- [TASK GOAL]:
Starting at the line that contains "85 -9 93 -50" and ending at the line that contains "-110 56 -228", the lines below are to be given again exactly, with nothing added.

(Data entries)
—————

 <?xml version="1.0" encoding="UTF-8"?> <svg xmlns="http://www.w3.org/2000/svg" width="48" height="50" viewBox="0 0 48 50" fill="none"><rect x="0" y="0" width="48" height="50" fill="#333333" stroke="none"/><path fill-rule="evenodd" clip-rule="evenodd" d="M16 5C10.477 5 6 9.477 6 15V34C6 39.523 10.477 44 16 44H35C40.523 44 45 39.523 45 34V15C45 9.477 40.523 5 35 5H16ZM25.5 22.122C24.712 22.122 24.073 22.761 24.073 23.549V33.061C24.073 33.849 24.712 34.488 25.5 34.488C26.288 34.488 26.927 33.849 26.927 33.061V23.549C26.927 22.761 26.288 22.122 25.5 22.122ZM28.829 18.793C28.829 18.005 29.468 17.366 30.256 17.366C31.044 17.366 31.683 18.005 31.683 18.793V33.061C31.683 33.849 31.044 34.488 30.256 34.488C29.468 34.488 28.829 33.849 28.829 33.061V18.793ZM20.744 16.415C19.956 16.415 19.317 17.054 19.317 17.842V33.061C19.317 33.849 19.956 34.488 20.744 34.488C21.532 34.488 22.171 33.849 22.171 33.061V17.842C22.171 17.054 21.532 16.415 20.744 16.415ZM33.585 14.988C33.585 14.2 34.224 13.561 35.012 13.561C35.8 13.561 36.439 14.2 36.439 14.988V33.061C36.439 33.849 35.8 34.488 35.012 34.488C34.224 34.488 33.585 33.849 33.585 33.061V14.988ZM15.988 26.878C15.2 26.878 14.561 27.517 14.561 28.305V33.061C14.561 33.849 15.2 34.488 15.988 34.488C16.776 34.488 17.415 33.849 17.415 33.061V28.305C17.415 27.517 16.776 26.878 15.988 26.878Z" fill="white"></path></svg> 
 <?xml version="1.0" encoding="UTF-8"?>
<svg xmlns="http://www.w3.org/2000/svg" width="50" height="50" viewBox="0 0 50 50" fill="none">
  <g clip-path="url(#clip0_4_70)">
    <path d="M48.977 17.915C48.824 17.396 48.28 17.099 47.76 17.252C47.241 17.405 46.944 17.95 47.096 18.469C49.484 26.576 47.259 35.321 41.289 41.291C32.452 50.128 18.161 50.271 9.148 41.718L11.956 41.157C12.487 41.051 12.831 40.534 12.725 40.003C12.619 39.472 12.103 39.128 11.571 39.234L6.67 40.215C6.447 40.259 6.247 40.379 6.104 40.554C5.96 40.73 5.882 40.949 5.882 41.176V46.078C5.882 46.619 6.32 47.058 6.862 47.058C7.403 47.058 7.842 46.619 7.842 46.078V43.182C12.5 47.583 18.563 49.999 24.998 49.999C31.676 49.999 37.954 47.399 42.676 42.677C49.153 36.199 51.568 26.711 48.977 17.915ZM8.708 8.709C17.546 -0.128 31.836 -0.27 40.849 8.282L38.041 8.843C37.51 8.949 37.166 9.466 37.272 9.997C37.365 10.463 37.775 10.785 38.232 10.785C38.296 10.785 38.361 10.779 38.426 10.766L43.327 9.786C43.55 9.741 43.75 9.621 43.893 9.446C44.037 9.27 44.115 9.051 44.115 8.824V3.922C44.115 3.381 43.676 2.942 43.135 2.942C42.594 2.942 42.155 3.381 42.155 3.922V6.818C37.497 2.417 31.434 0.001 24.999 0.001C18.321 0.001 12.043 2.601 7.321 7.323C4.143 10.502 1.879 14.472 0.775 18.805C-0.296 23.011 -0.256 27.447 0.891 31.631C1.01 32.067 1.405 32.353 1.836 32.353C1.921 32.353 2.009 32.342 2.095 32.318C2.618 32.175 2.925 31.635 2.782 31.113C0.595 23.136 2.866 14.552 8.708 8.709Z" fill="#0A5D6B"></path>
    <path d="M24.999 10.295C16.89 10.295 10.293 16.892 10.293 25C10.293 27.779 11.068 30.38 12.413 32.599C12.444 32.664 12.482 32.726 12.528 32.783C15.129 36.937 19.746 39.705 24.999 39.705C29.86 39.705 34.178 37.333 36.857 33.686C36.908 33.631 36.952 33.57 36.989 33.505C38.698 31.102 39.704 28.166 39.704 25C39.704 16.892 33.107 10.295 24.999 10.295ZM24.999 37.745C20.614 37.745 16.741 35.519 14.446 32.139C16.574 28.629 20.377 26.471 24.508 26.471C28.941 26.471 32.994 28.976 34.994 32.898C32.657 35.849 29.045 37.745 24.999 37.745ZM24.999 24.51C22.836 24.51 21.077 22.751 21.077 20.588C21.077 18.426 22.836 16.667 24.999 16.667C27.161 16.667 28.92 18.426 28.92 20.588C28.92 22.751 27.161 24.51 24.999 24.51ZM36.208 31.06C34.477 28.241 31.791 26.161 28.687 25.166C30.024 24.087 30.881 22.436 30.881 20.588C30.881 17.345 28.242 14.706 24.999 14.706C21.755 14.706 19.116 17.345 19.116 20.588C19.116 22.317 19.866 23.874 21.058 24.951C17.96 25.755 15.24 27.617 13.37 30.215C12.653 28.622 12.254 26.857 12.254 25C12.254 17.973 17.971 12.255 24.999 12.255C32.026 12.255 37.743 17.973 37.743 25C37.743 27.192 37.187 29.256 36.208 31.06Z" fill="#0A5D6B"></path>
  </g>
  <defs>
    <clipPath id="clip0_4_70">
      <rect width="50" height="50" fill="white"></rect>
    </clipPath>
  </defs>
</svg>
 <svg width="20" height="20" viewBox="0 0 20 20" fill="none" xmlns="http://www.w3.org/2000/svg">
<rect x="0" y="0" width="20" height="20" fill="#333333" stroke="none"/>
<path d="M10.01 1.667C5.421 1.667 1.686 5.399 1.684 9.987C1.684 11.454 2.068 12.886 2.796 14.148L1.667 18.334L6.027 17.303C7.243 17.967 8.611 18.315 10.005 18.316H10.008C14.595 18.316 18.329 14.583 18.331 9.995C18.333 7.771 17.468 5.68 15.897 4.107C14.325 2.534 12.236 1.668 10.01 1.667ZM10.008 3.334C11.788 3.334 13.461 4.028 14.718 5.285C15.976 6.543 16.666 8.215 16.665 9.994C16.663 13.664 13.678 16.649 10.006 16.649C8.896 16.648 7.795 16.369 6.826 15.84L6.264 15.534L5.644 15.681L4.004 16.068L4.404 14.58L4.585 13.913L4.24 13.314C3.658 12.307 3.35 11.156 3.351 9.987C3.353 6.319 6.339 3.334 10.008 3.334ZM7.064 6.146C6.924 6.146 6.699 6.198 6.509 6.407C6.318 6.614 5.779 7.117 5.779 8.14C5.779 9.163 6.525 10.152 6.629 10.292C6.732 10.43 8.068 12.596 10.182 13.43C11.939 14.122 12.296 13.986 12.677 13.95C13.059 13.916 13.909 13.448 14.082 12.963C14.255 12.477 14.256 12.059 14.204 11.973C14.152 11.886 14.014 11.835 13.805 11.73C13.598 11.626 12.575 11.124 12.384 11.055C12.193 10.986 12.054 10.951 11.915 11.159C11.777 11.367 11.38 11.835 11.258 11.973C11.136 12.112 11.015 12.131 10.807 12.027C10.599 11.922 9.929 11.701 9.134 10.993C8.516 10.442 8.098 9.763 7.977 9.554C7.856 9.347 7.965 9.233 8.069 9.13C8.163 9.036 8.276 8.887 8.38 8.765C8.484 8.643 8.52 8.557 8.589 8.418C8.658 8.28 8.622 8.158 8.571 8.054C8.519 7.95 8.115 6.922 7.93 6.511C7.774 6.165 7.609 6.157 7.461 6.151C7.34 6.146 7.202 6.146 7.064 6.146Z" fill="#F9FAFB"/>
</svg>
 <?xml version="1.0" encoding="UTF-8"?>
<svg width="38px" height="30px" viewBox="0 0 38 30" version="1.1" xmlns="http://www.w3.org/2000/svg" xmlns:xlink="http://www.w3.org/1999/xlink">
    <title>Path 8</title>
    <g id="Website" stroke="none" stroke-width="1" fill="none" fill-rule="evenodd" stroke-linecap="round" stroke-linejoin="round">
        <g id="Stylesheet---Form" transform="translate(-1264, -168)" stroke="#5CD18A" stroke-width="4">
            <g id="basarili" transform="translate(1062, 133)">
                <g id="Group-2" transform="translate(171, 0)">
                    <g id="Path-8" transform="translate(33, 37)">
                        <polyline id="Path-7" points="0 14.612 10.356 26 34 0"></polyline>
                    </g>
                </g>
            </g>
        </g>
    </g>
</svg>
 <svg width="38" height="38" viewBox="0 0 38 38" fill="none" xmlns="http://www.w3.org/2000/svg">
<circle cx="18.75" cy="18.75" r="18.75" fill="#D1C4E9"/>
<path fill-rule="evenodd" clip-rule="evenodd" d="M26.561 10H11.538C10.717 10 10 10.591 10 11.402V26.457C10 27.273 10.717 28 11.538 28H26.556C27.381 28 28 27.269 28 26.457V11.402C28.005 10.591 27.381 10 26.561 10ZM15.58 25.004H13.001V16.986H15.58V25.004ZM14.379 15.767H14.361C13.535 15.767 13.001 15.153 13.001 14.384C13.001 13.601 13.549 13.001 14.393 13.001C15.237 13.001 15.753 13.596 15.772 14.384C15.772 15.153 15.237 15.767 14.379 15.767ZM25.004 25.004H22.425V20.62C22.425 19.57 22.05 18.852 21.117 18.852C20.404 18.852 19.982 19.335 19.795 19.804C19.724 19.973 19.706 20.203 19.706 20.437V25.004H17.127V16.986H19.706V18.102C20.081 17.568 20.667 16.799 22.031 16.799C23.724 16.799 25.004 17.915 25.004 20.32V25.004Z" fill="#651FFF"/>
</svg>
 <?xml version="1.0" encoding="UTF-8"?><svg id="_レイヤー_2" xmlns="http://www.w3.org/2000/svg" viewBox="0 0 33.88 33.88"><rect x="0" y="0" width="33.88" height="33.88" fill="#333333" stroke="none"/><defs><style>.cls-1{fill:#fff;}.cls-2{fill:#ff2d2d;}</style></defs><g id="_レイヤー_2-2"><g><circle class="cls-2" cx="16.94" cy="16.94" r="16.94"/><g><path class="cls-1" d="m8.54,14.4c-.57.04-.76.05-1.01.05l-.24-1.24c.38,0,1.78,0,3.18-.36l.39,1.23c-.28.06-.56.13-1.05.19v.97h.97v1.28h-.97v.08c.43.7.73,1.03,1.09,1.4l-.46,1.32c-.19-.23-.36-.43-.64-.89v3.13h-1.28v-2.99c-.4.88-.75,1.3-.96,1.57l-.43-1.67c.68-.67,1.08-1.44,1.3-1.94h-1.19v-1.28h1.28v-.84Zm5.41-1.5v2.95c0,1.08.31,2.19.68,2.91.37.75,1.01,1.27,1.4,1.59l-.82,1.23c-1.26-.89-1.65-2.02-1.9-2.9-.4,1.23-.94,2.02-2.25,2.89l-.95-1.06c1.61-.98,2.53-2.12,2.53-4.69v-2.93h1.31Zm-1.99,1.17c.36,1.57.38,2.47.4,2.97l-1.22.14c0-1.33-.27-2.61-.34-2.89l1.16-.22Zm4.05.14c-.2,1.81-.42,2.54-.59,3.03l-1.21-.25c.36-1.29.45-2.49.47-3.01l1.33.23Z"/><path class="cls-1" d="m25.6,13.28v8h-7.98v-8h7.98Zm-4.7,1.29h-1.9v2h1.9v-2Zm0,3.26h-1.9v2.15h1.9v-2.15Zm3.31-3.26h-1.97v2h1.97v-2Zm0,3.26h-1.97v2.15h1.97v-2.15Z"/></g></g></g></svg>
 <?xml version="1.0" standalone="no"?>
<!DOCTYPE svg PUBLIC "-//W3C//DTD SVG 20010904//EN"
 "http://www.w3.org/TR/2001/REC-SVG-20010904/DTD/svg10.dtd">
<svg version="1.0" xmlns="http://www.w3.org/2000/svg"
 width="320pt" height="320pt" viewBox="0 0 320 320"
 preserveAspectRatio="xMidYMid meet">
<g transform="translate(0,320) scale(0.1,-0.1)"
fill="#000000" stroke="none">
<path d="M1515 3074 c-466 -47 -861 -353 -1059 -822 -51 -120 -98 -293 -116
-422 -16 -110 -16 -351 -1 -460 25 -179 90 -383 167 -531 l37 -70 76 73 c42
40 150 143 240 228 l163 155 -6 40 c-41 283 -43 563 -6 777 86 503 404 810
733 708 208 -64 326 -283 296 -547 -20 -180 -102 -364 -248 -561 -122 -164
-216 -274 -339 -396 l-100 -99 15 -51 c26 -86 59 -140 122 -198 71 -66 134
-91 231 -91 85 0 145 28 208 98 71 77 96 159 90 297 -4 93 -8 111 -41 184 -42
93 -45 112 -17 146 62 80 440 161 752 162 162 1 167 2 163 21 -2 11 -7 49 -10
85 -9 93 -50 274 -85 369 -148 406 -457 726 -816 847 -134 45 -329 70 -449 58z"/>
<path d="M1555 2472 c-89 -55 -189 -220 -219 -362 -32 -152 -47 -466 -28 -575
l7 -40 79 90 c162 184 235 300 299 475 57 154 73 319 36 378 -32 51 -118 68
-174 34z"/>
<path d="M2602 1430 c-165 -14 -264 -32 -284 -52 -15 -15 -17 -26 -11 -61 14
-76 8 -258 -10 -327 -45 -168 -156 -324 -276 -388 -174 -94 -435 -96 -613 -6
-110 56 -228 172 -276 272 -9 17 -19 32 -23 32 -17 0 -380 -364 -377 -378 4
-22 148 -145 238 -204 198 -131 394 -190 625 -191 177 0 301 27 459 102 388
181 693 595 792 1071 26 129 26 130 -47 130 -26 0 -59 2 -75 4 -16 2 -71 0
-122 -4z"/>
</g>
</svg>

—————

- [EXPECTED OUTPUT]:
85 -9 93 -50 274 -85 369 -148 406 -457 726 -816 847 -134 45 -329 70 -449 58z"/>
<path d="M1555 2472 c-89 -55 -189 -220 -219 -362 -32 -152 -47 -466 -28 -575
l7 -40 79 90 c162 184 235 300 299 475 57 154 73 319 36 378 -32 51 -118 68
-174 34z"/>
<path d="M2602 1430 c-165 -14 -264 -32 -284 -52 -15 -15 -17 -26 -11 -61 14
-76 8 -258 -10 -327 -45 -168 -156 -324 -276 -388 -174 -94 -435 -96 -613 -6
-110 56 -228 172 -276 272 -9 17 -19 32 -23 32 -17 0 -380 -364 -377 -378 4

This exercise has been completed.